Static tramp v5 (#624)

* Static Trampolines

Closure Trampoline Security Issue
=================================

Currently, the trampoline code used in libffi is not statically defined in
a source file (except for MACH). The trampoline is either pre-defined
machine code in a data buffer. Or, it is generated at runtime. In order to
execute a trampoline, it needs to be placed in a page with executable
permissions.

Executable data pages are attack surfaces for attackers who may try to
inject their own code into the page and contrive to have it executed. The
security settings in a system may prevent various tricks used in user land
to write code into a page and to have it executed somehow. On such systems,
libffi trampolines would not be able to run.

Static Trampoline
=================

To solve this problem, the trampoline code needs to be defined statically
in a source file, compiled and placed in the text segment so it can be
mapped and executed naturally without any tricks. However, the trampoline
needs to be able to access the closure pointer at runtime.

PC-relative data referencing
============================

The solution implemented in this patch set uses PC-relative data references.
The trampoline is mapped in a code page. Adjacent to the code page, a data
page is mapped that contains the parameters of the trampoline:

	- the closure pointer
	- pointer to the ABI handler to jump to

The trampoline code uses an offset relative to its current PC to access its
data.

Some architectures support PC-relative data references in the ISA itself.
E.g., X64 supports RIP-relative references. For others, the PC has to
somehow be loaded into a general purpose register to do PC-relative data
referencing. To do this, we need to define a get_pc() kind of function and
call it to load the PC in a desired register.

There are two cases:

1. The call instruction pushes the return address on the stack.

   In this case, get_pc() will extract the return address from the stack
   and load it in the desired register and return.

2. The call instruction stores the return address in a designated register.

   In this case, get_pc() will copy the return address to the desired
   register and return.

Either way, the PC next to the call instruction is obtained.

Scratch register
================

In order to do its job, the trampoline code would need to use a scratch
register. Depending on the ABI, there may not be a register available for
scratch. This problem needs to be solved so that all ABIs will work.

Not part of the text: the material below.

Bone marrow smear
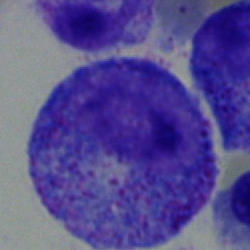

The trampoline will save two values on the stack:

	- the closure pointer
	- the original value of the scratch register

This is what the stack will look like:

	sp before trampoline ------>	--------------------
					| closure pointer  |
					--------------------
					| scratch register |
	sp after trampoline ------->	--------------------

The ABI handler can do the following as needed by the ABI:

	- the closure pointer can be loaded in a desired register

	- the scratch register can be restored to its original value

	- the stack pointer can be restored to its original value
	  (the value when the trampoline was invoked)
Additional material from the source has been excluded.